When you find the line with "#26166=CARTESIAN_POINT('',(-74.316,-17.957,-28.352));" among the records below, reproduce it and each line after it exactly, ending with the line with "#26324=CARTESIAN_POINT('',(-62.268,-20.005,-47.271));".

## Dataset extract

----

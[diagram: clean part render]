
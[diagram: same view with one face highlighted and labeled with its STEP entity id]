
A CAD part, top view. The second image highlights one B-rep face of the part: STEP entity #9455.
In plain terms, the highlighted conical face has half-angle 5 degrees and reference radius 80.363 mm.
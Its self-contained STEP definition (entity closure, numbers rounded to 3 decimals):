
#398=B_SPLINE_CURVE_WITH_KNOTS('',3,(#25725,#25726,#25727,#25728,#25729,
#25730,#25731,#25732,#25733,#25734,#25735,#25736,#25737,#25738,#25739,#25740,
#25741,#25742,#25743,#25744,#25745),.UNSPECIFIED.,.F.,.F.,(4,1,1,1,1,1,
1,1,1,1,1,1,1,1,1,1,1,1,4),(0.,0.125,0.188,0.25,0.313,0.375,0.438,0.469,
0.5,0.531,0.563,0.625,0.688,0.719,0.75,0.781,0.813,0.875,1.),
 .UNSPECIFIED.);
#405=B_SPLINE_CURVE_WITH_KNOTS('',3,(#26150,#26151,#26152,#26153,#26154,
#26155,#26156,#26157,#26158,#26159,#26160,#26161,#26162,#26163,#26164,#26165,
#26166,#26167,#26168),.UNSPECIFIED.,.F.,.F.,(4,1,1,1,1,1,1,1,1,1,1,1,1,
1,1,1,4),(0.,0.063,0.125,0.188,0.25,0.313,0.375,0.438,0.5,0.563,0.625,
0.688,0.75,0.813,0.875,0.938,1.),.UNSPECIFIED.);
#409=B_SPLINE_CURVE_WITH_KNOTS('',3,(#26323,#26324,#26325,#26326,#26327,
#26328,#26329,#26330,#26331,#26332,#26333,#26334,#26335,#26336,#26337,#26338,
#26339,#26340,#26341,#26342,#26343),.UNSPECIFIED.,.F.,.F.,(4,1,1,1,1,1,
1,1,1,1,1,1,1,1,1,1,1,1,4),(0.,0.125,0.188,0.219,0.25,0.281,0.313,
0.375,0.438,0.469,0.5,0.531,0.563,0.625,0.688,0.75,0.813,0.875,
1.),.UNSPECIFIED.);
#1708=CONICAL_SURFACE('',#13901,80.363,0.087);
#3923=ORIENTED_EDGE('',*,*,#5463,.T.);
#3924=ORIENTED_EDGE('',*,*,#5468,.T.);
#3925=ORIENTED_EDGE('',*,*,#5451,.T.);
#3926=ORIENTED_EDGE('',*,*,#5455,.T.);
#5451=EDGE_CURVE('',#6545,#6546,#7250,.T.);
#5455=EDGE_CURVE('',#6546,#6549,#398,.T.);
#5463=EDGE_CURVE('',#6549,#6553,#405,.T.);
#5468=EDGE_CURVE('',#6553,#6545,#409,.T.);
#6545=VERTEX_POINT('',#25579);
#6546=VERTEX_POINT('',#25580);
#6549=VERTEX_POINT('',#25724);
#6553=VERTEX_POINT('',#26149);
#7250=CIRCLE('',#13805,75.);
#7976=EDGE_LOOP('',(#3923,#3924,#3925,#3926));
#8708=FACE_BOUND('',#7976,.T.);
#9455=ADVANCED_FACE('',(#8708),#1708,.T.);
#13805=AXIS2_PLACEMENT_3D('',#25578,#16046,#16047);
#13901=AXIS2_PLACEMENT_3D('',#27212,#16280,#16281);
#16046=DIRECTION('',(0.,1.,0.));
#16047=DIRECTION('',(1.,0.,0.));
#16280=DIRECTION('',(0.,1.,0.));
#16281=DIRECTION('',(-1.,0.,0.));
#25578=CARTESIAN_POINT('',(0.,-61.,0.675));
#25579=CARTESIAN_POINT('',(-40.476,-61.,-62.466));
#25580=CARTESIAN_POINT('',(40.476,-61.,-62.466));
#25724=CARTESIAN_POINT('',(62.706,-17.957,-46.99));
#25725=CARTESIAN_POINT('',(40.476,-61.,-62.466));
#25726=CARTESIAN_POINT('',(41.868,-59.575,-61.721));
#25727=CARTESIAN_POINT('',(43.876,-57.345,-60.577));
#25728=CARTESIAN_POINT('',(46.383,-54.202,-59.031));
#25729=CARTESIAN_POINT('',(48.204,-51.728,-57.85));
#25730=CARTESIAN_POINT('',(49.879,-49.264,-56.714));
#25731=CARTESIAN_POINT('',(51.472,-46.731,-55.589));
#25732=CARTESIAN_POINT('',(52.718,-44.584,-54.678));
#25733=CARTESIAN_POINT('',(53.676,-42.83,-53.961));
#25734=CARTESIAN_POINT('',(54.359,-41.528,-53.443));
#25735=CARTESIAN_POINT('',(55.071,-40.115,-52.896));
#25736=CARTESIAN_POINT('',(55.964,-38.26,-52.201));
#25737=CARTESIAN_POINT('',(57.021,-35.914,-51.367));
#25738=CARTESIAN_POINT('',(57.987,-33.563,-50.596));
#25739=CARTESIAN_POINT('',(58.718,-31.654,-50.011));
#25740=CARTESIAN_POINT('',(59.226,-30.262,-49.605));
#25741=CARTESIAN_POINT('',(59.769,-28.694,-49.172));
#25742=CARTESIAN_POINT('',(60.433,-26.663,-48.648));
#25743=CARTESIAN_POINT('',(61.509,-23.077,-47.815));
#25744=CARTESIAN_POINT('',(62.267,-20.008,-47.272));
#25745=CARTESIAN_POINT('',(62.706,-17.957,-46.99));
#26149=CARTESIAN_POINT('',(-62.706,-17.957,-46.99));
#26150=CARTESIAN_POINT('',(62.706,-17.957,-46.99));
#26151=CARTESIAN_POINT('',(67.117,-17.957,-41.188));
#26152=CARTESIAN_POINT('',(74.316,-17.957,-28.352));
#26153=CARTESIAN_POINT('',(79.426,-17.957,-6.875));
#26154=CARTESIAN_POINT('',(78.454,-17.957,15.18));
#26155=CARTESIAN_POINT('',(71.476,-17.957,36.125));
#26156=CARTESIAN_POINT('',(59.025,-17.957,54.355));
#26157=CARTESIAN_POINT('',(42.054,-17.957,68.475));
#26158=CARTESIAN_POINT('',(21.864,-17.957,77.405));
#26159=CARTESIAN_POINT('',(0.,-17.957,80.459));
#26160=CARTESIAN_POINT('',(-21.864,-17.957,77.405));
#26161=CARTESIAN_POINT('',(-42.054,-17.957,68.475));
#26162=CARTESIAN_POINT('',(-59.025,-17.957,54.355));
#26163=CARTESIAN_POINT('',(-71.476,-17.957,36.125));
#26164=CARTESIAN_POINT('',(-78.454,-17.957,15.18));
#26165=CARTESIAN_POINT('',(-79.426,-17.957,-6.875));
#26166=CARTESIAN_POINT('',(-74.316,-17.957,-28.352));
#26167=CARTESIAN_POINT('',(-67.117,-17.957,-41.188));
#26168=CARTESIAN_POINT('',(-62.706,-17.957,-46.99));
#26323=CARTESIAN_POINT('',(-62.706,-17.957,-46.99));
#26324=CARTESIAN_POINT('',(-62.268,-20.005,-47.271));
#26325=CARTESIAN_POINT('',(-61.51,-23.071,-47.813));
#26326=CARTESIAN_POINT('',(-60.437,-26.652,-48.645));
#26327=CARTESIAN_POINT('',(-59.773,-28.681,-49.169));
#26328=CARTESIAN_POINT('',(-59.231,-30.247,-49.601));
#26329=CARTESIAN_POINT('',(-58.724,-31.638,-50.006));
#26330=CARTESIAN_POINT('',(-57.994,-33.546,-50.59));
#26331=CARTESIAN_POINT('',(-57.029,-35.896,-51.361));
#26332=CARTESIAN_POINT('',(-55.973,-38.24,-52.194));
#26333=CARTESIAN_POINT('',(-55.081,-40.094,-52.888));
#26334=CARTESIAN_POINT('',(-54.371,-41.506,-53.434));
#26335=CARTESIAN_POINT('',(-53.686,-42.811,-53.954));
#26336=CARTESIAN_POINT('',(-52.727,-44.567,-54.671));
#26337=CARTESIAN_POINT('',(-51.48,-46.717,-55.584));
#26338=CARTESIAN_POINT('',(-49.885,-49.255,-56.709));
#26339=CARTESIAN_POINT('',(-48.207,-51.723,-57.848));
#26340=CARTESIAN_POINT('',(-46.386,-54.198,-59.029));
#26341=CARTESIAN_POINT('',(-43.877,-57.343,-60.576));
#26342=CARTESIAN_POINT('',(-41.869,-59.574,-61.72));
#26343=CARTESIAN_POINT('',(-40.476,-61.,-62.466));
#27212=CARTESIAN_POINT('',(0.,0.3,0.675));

----

## Answer box
#26166=CARTESIAN_POINT('',(-74.316,-17.957,-28.352));
#26167=CARTESIAN_POINT('',(-67.117,-17.957,-41.188));
#26168=CARTESIAN_POINT('',(-62.706,-17.957,-46.99));
#26323=CARTESIAN_POINT('',(-62.706,-17.957,-46.99));
#26324=CARTESIAN_POINT('',(-62.268,-20.005,-47.271));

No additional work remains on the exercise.